Gute Frage. Die Antwort ist wie so oft: Kommt drauf an.
Was das Forum zur Debatte beiträgt
NACs Argumentation ist physiologisch motiviert und auf den ersten Blick schlüssig. Sein Kernargument: Wenn du während des Trainings Kohlenhydrate zu dir nimmst, steigt der Blutzucker. Der Körper schüttet Insulin aus. Und Insulin ist im Training kontraproduktiv.
Wenn man Carbs isst/trinkt, dann steigt der BZ und was macht der Körper? Schüttet Insulin aus um den BZ wieder zu senken! Und wenn der Körper Insulin ausschüttet, dann werden einige Prozesse im Training verhindert.
Er geht noch weiter und vergleicht Bodybuilder mit Rennradfahrern: “Wir sind kein Rennradfahrer die 500km am Stück fahren. Die brauchen Extra Carbs, aber nicht Bodybuilder, die aktiv nicht mal 30-45 min. trainieren.” Das sitzt. Weil es stimmt. Die reine aktive Trainingszeit bei einem typischen Hypertrophie-Workout liegt bei vielleicht 20 Minuten tatsächlicher Muskelarbeit, der Rest sind Pausen.

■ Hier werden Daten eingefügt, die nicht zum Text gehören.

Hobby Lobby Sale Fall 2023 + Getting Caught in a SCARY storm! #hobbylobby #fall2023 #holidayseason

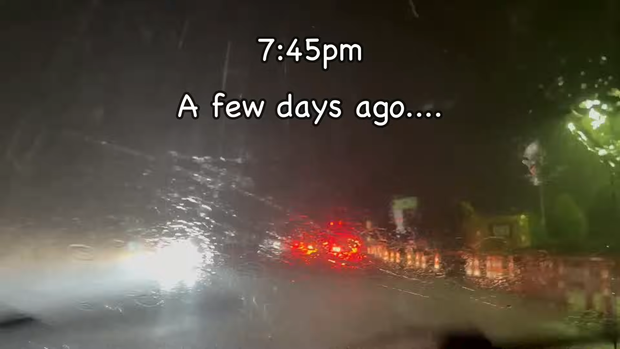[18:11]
I'm so happy to see some civilization right now. We're on my way to my mother's and the rain started to feel like hail
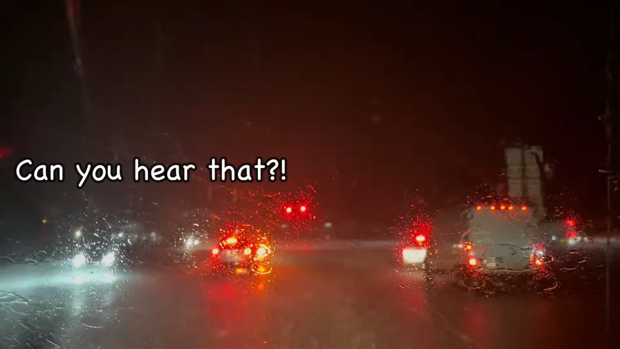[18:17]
because we just got off all the country roads.
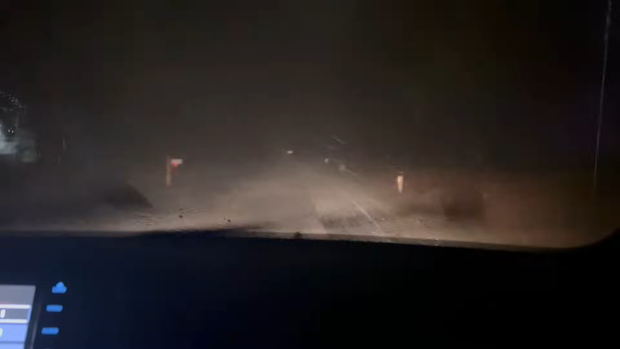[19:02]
And no way. Oh my God, we can't even see, boo. I got glasses and I can't see. I can't see.
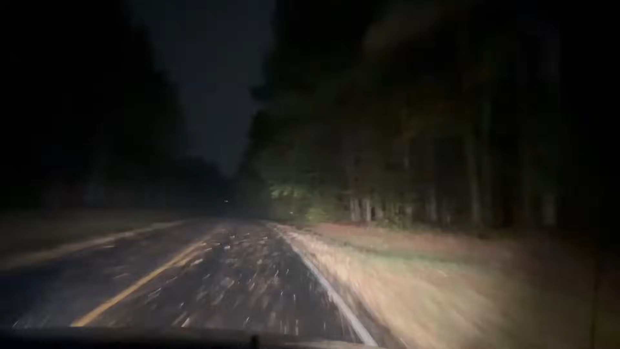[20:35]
This is too much. Just two-way road. You see all the leaves that have fallen just because of the rainfall. At least the thunder and lightning is pissed off.
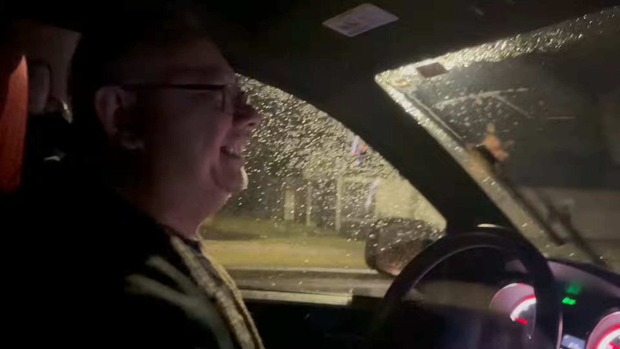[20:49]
Laughing at me. No, because it's like I'm trying to drive and concentrate, and here you are. Oh my God! Oh, I can't feel my legs.
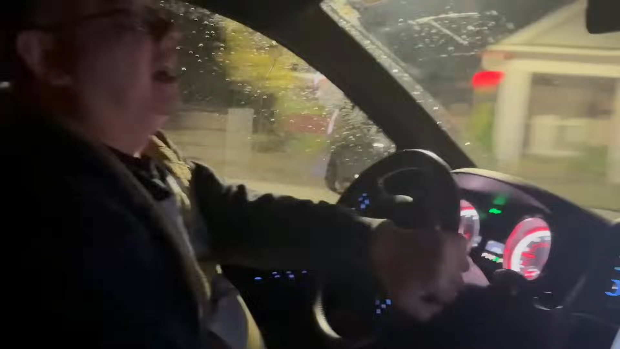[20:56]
No, I wasn't doing all that, but it's a lot.
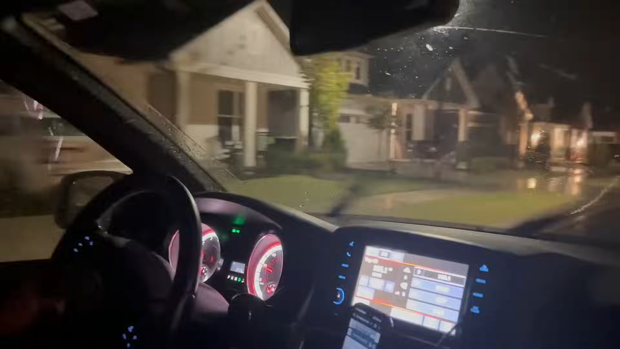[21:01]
Anyway, we finally got to Nana's neighborhoods, and it's quieted down.
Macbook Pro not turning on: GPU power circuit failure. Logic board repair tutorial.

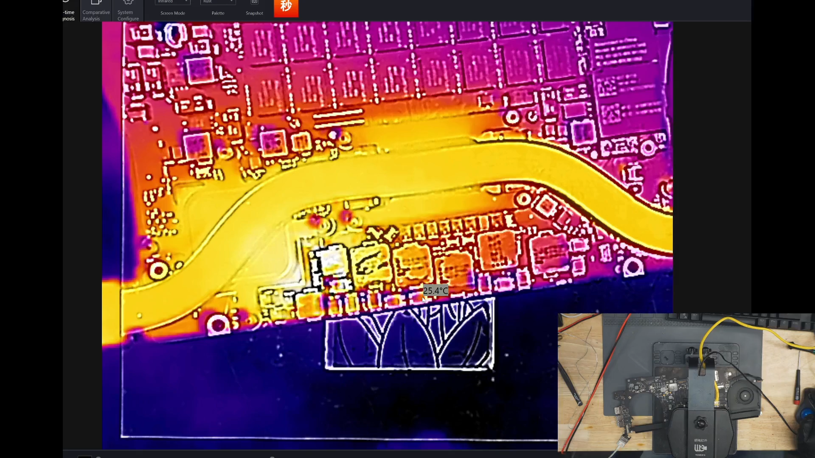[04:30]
It's just not giving me the information I need. Which one is it?
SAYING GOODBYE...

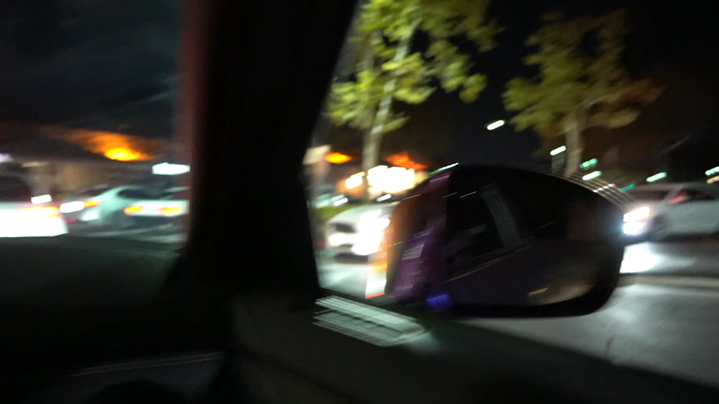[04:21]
There's already cops, guys. Man, but fast guys out here. Look at the cops.
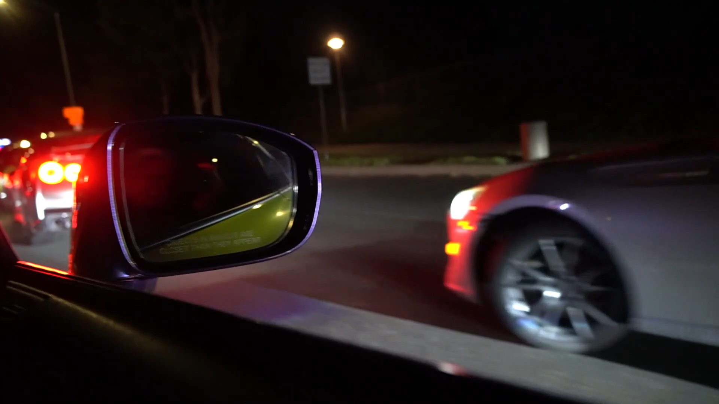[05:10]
GTR. Hit the edit. Oh, look at that new M4 too. Another GTR. Another GTR.

Was NAC besonders stört, ist das Trinkverhalten: “Was ich aber am schlimmsten finde ist, dass die Leute sich die Intra Carbs Schluckweise saufen! Alter, die haben kein Schimmer was die sich da anstellen! Denn, ausser BZ Achterbahn erzeugt man sich damit nichts.” Und hier hat er wohl einen Punkt. Wer alle paar Minuten einen kleinen Schluck Carb-Drink nimmt, erzeugt tatsächlich permanente Blutzuckerschwankungen, statt einmal einen sauberen Anstieg zu haben.
Interessant ist SSTR, ein anderer langjähriger User, der eigentlich Intra-Carbs nutzt, aber erstaunlich ehrlich bilanziert:
Ich habe manchmal Tage im Gym, da vergesse ich hin und wieder meinen Intra zu trinken. Der besteht derzeit aus 20g EAAs und 20-30g Cluster + 1g Salz. Ich kann auch keinen Unterschied feststellen, wenn ich nach dem Training dann merke, wow fuck, mein Intra ist noch 3/4 voll!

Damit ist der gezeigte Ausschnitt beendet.